Grafana dashboard queries:

# API latency P99 (PromQL)
histogram_quantile(0.99, rate(api_orders_latency_seconds_bucket[5m]))

# Error rate
rate(http_server_requests_seconds_count{status=~"5.."}[5m])
  / rate(http_server_requests_seconds_count[5m])

# Throughput
rate(api_orders_created_total[5m])

# HikariCP saturation
hikaricp_connections_active / hikaricp_connections_max

OpenTelemetry distributed tracing

// application.yml -- Spring Boot 3 auto-instruments with Micrometer Tracing
management:
  tracing:
    sampling:
      probability: 0.1  # Sample 10% of requests (100% is too expensive)

spring:
  application:
    name: order-service

# Send traces to Jaeger or Zipkin
management:
  otlp:
    tracing:
      endpoint: http://jaeger:4317

// Custom span for important operations:
@Service
public class OrderService {
    @Autowired private Tracer tracer;

    public Order processOrder(OrderRequest request) {
        Span span = tracer.nextSpan().name("order.process")
            .tag("merchant.id", request.getMerchantId().toString())
            .start();

        try (Tracer.SpanInScope ws = tracer.withSpan(span)) {
            Order order = createOrder(request); // auto-traced if using an instrumented DB
            Span paymentSpan = tracer.nextSpan().name("payment.charge").start();
            try (Tracer.SpanInScope ps = tracer.withSpan(paymentSpan)) {
                paymentService.charge(order);
            } finally {
                paymentSpan.end();
            }
            return order;
        } finally {
            span.end();
        }
    }
}

Java Flight Recorder: production profiling

JFR is a built-in profiler with under 1-2% overhead, safe for always-on production recording.
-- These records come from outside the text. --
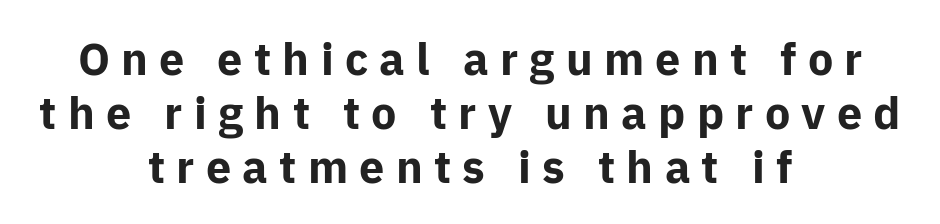
The image shows 45 px bold sans-serif type, upright; set centered, line spacing 1.2x, unusually wide letter spacing (+0.25 em), not underlined; low stroke contrast and a medium x-height.
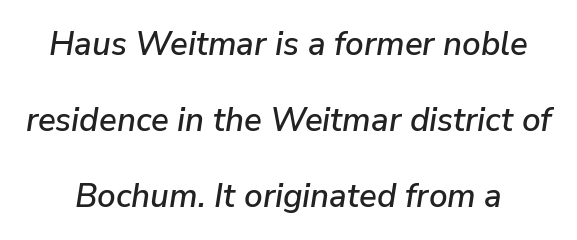
A great deal of white space separates one row of letters from the next. Tracking value appears to be zero — textbook default spacing. The passage shown is typed in a proportional face where columns would drift. The space directly below the letters is spotless. The specimen reads as italic at a glance.
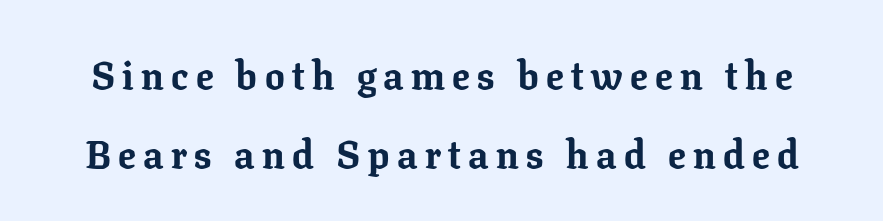
The space between consecutive lines is lavish. A typesetter would label this face a serif. Think of a printed novel: that variable character pitch is what you see here. Is there any slant? The stems are plumb. The passage shown is emphatically bold. This rendering features lettering with no underline.
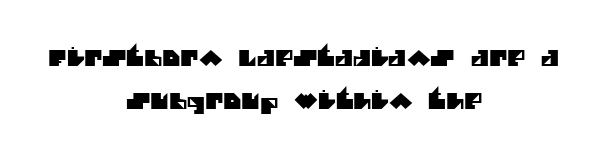
{"underline": "no", "align": "center", "line_spacing": "loose", "line_spacing_ratio": 1.96, "letter_spacing": "normal", "letter_spacing_em": 0.0, "glyph_px": 22}
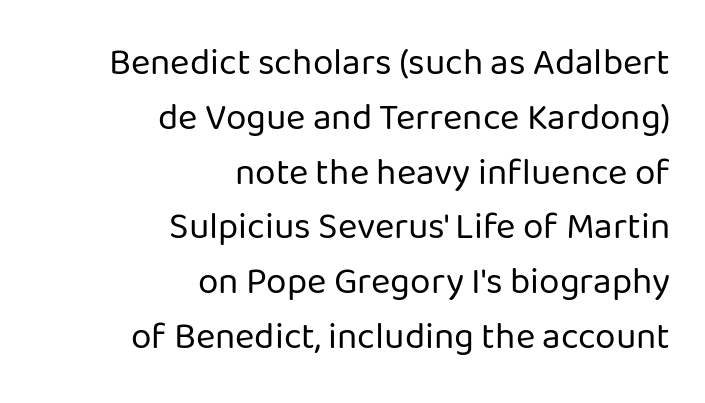
The image shows 37 px regular-weight sans-serif type, upright; set right-aligned, normal line spacing (1.48x), normal letter spacing, not underlined; low stroke contrast and a medium x-height.
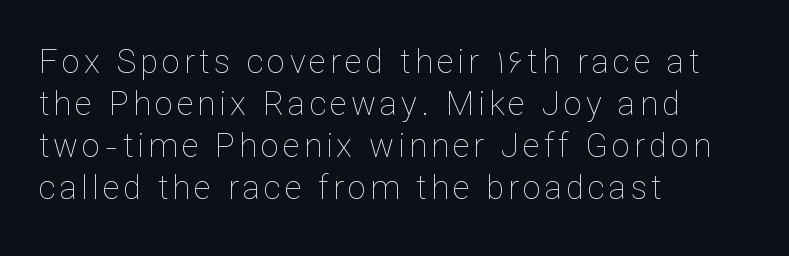
The image shows 33 px thin type, upright; set left-aligned, normal line spacing (1.27x), not underlined; low stroke contrast and a medium x-height.
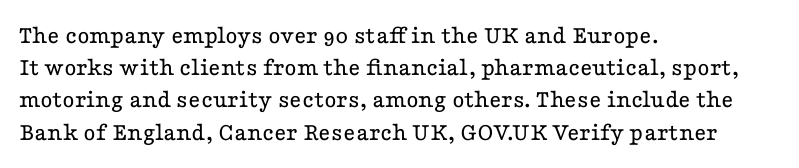
The image shows 26 px text type, upright; set left-aligned, line spacing 1.24x, normal letter spacing, not underlined.
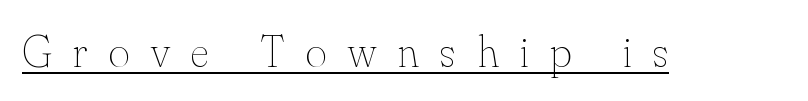
{"italic": "no", "bold": "no", "weight": "thin", "width": "normal", "stroke_contrast": "medium", "x_height": "small", "monospaced": "no", "underline": "yes", "letter_spacing": "wide", "letter_spacing_em": 0.48, "glyph_px": 45}
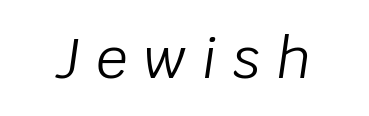
Q: Is the text bold? A: No.
Q: Is the text italic (slanted)? A: Yes, it leans right by about 8 degrees.
Q: Is the text underlined? A: No.
Q: Is the spacing between letters normal or unusually wide? A: Unusually wide.
Q: Width (condensed, normal, or wide)? A: Normal.
Q: Stroke contrast? A: Low.
Q: x-height? A: Large.
Q: Monospaced? A: No.
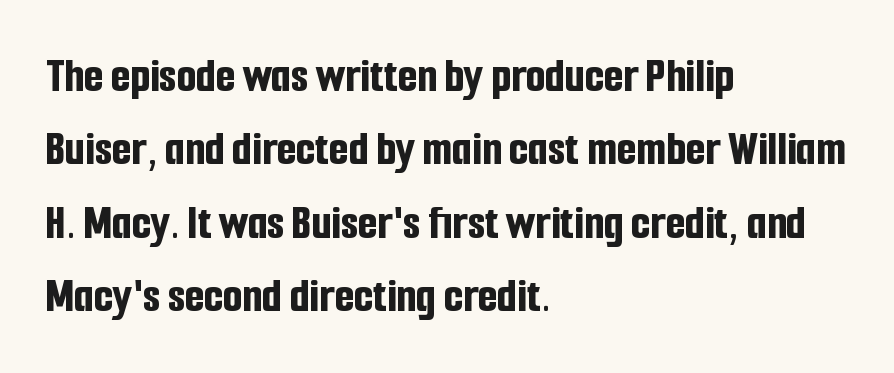
{"serif": "no", "italic": "no", "bold": "yes", "weight": "bold", "width": "condensed", "stroke_contrast": "low", "x_height": "medium", "monospaced": "no", "underline": "no", "align": "left", "line_spacing": "normal", "line_spacing_ratio": 1.47, "letter_spacing": "normal", "letter_spacing_em": 0.0, "glyph_px": 50}
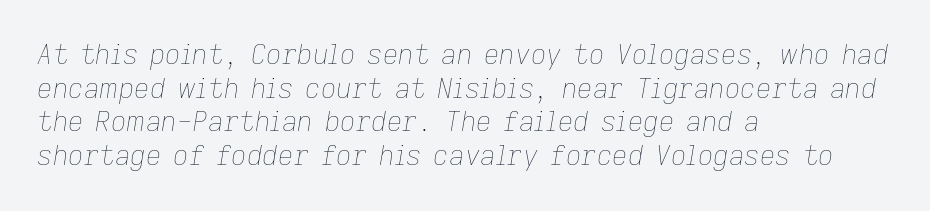
Q: Is the text bold? A: No.
Q: Is the text italic (slanted)? A: Yes, it leans right by about 9 degrees.
Q: Is the text underlined? A: No.
Q: How is the paragraph aligned? A: Left-aligned.
Q: Is the spacing between letters normal or unusually wide? A: Normal.
Q: Is the spacing between lines tight, normal or loose? A: Normal.
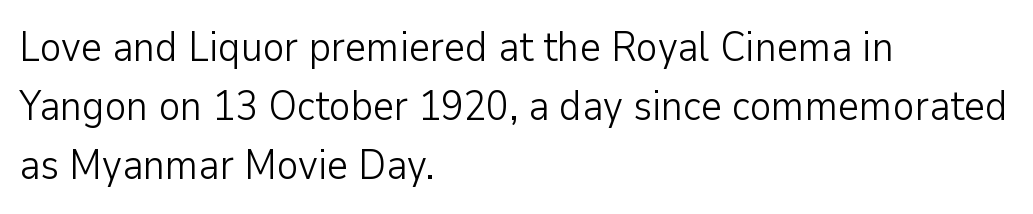
Q: Is the text bold? A: No.
Q: Is the text italic (slanted)? A: No, it is upright.
Q: Is the typeface a serif or a sans-serif typeface? A: Sans-serif.
Q: Is the text underlined? A: No.
Q: How is the paragraph aligned? A: Left-aligned.
Q: Is the spacing between letters normal or unusually wide? A: Normal.
Q: Is the spacing between lines tight, normal or loose? A: Normal.
Q: Width (condensed, normal, or wide)? A: Normal.
Q: Stroke contrast? A: Low.
Q: x-height? A: Medium.
Q: Monospaced? A: No.
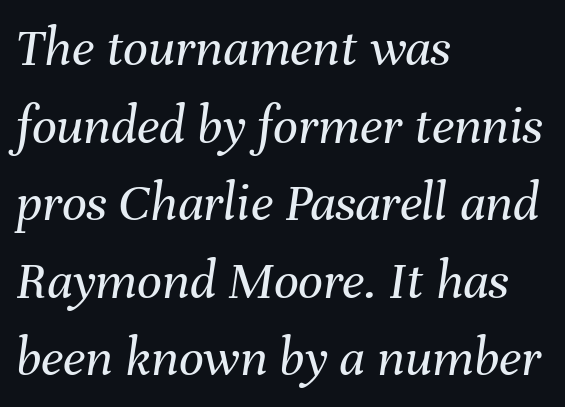
Proportional: the letters do not fall into vertical columns. This block has exactly the height ordinary leading produces. You can tell it's italic because the verticals aren't actually vertical. These lines stack with their left ends in a neat column. Underline: absent.
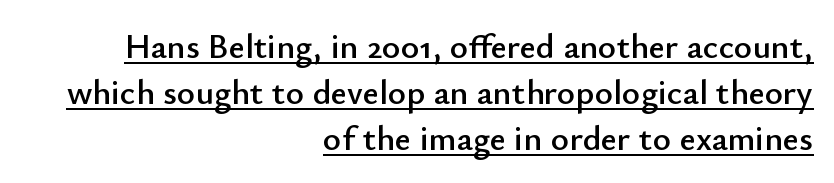
Q: Is the text italic (slanted)? A: No, it is upright.
Q: Is the typeface a serif or a sans-serif typeface? A: Sans-serif.
Q: Is the text underlined? A: Yes.
Q: How is the paragraph aligned? A: Right-aligned.
Q: Is the spacing between letters normal or unusually wide? A: Normal.
Q: Is the spacing between lines tight, normal or loose? A: Normal.
Q: Width (condensed, normal, or wide)? A: Normal.
Q: Stroke contrast? A: Low.
Q: x-height? A: Small.
Q: Monospaced? A: No.
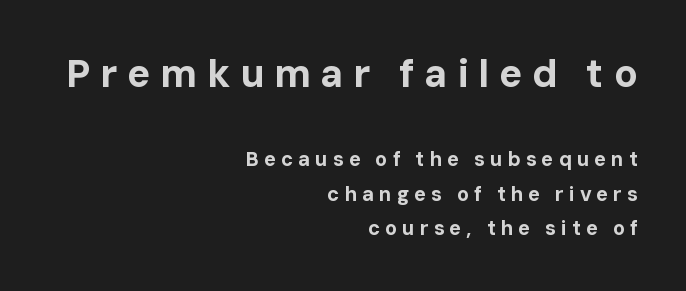
Q: Is the text bold? A: Yes.
Q: Is the text italic (slanted)? A: No, it is upright.
Q: Is the typeface a serif or a sans-serif typeface? A: Sans-serif.
Q: Is the text underlined? A: No.
Q: How is the paragraph aligned? A: Right-aligned.
Q: Is the spacing between letters normal or unusually wide? A: Unusually wide.
Q: Which block of text is set in a larger size, the first (top) or the second (bottom)? A: The first (top) one.
Q: Width (condensed, normal, or wide)? A: Normal.
Q: Stroke contrast? A: Low.
Q: x-height? A: Medium.
Q: Monospaced? A: No.
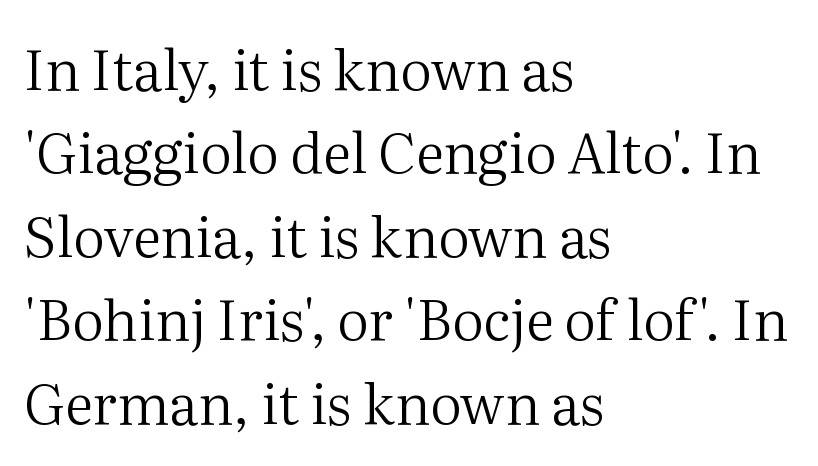
Varying glyph widths throughout — classic text-font behaviour. The tracking reads as untouched default to a designer's eye. Caption: face not bold, strokes unweighted. The designer left line spacing at the default.
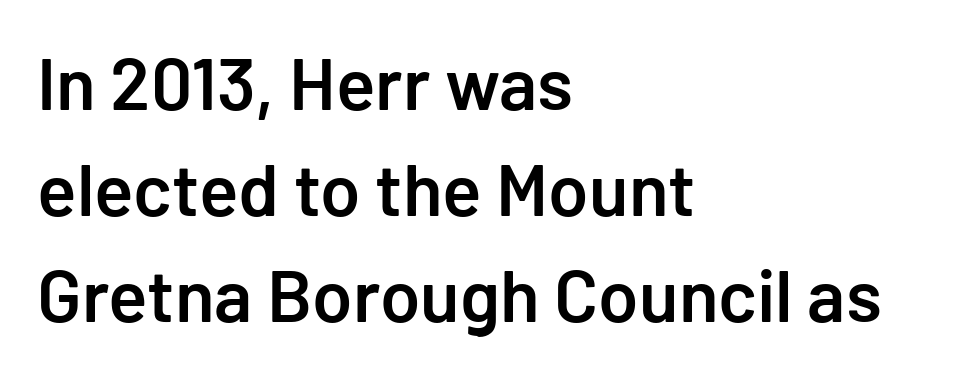
Q: Is the text bold? A: Semi-bold.
Q: Is the text italic (slanted)? A: No, it is upright.
Q: Is the typeface a serif or a sans-serif typeface? A: Sans-serif.
Q: Is the text underlined? A: No.
Q: How is the paragraph aligned? A: Left-aligned.
Q: Is the spacing between letters normal or unusually wide? A: Normal.
Q: Is the spacing between lines tight, normal or loose? A: Normal.
Q: Width (condensed, normal, or wide)? A: Normal.
Q: Stroke contrast? A: Low.
Q: x-height? A: Medium.

# Start a JFR recording (can attach to a running JVM):
jcmd <PID> JFR.start duration=60s filename=/tmp/recording.jfr settings=profile

# Analyze with JDK Mission Control:
jmc /tmp/recording.jfr

# Automated with the JFR API in code:
@Component
public class PerformanceRecorder {
    @Scheduled(fixedDelay = 3600000) // Every hour
    public void captureProfile() throws Exception {
        Path file = Path.of("/tmp/profile-" + System.currentTimeMillis() + ".jfr");
        Recording recording = new Recording();
        recording.enable("jdk.CPULoad").withPeriod(Duration.ofSeconds(1));
        recording.enable("jdk.GarbageCollection");
        recording.enable("jdk.SocketRead").withThreshold(Duration.ofMillis(10));
        recording.start();
        Thread.sleep(60000); // Record for 1 minute
        recording.dump(file);
        recording.stop();
        s3Client.upload(file); // Upload for analysis
    }
}

Thread dump analysis

# Capture a thread dump when the API is slow:
jstack <PID> > thread-dump.txt

# Or with jcmd:
jcmd <PID> Thread.print > thread-dump.txt

# Analysis: find BLOCKED threads
grep -A 5 "BLOCKED" thread-dump.txt

# Find threads waiting on a lock:
grep -B 2 "waiting to lock" thread-dump.txt

Dangerous patterns in a thread dump:

Many threads in WAITING state       -> All waiting for the same condition (pool exhaustion)
BLOCKED "waiting to lock <0x...>"   -> Lock contention
TIMED_WAITING "parking"             -> May be OK (async queue) or stuck (idle)
RUNNABLE with "socketRead"          -> Thread waiting on network I/O (blocking)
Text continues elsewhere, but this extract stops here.